Researchers, led by Irbaz Riaz from the Dana Farber Cancer Institute, performed a living review of phase 2 and 3 randomized controlled trials in order to rank first-line treatment options for patients with metastatic castration-sensitive prostate cancer (mCSPC). Their findings were presented at the ESMO Congress 2022.
Riaz reported that triplet therapy with darolutamide (DARO) or abiraterone acetate and prednisone (AAP) plus docetaxel (D) and androgen deprivation therapy (ADT) significantly improved overall survival (OS) compared with doublet D and ADT, but not compared with novel hormonal therapy (NHT) doublets.
The review included a total of 10 randomized controlled trials with 11,043 patients and 9 unique treatments. Primary measures of interest included OS, progression-free survival (PFS), and grade 3 or higher adverse events (AEs). The researchers used a fixed-effect frequentist network meta-analysis to rank treatment options.
In the overall population, DARO triplet was ranked 1 (hazard ratio [HR], 0.68; 95% CI, 0.58-0.81), and AAP triplet was ranked 2 (HR, 0.75; 95% CI, 0.59-0.95). D and ADT alone was ranked 6. In patients with high-volume disease, AAP triplet was ranked 1 and significantly improved disease compared with D and ADT (rank 5; HR, 0.72; 95% CI, 0.55-0.95), but not compared with AAP and ADT (rank 2), enzalutamide (E) and ADT (rank 3), and apalutamide (APA) and ADT (rank 4).
Conversely, in patients with low-volume disease, AAP triplet was ranked 4 and did not significantly improve OS compared with APA and ADT (rank 1), AAP and ADT (rank2), E and ADT (rank 3), and D and ADT (rank 5).
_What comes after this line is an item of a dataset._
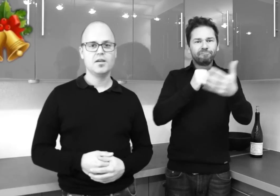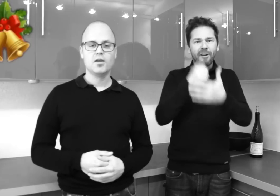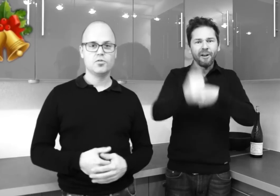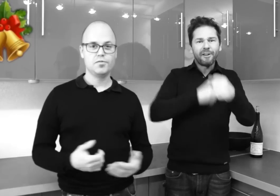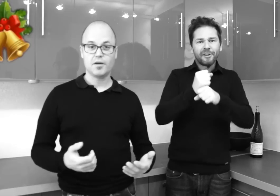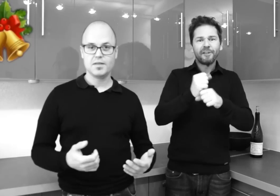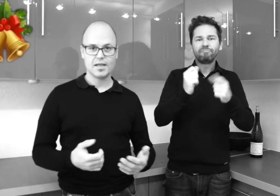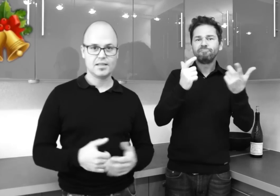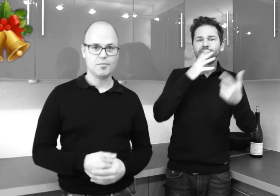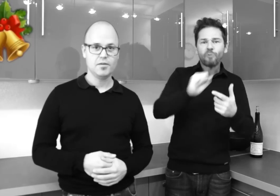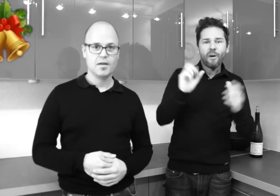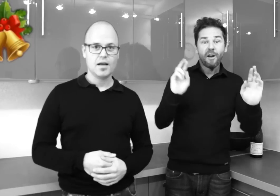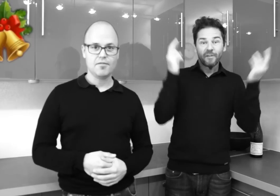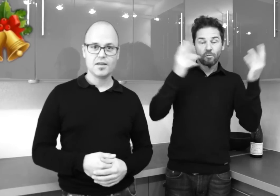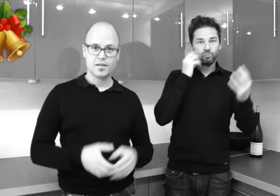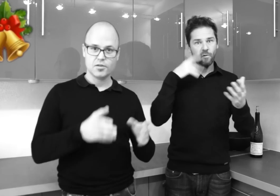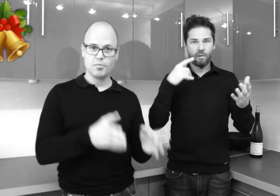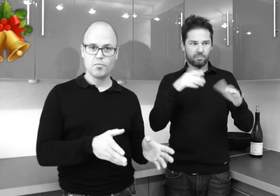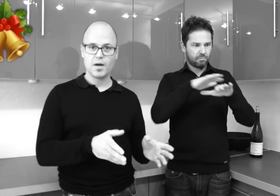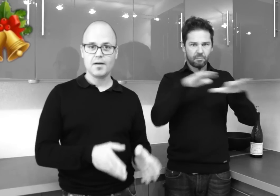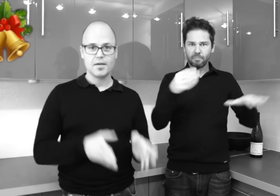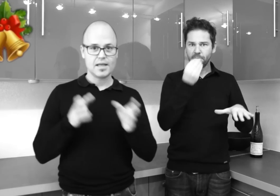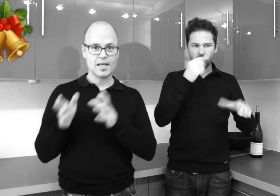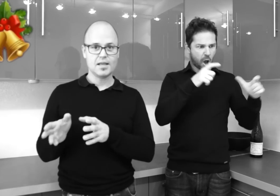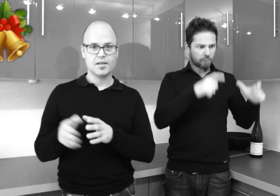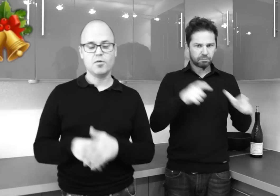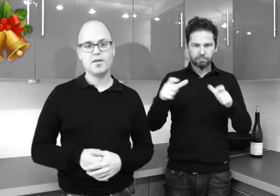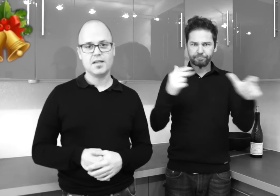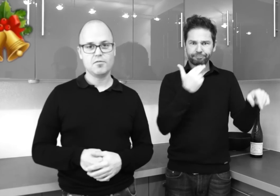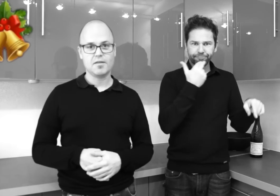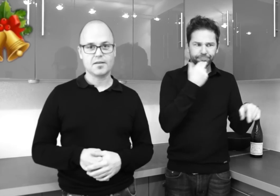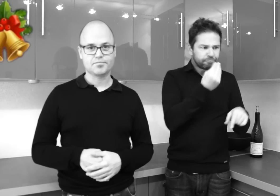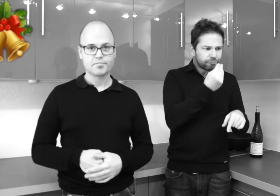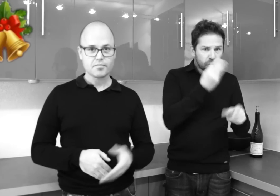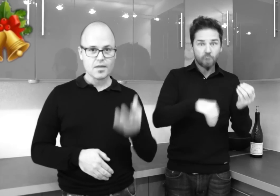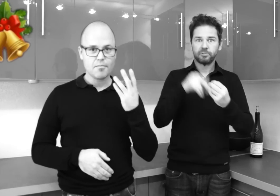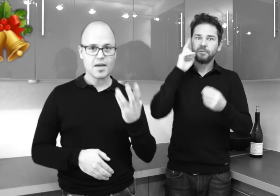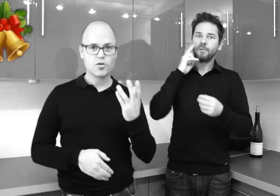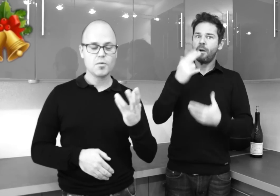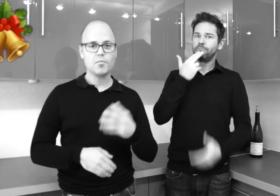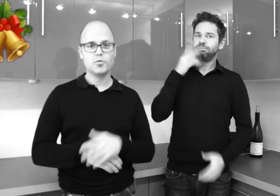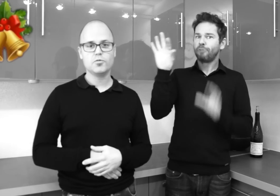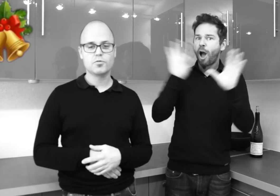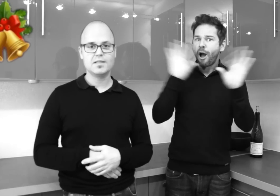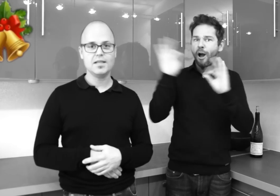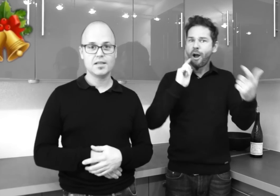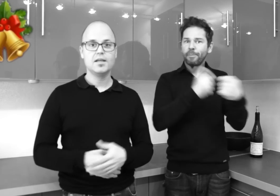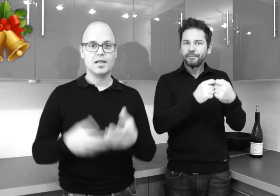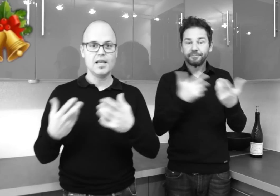de se faire plaisir à table avec des bons plats et des bons vins qui vont avec. Mais comment peut-on choisir les

Outcomes for PFS were consistent with OS findings. Notably, both DARO and AAP triplets were ranked the lowest (rank 8 and 7, respectively) for incidence of grade 3 or higher AEs.
Overall, Riaz cautioned that volume of disease must be accounted for when weighing potential benefits of triplet therapy. Ultimately, the researchers suggested that “triplets may be favored in high volume whereas NHT doublets may be a preferred option in low volume of disease.”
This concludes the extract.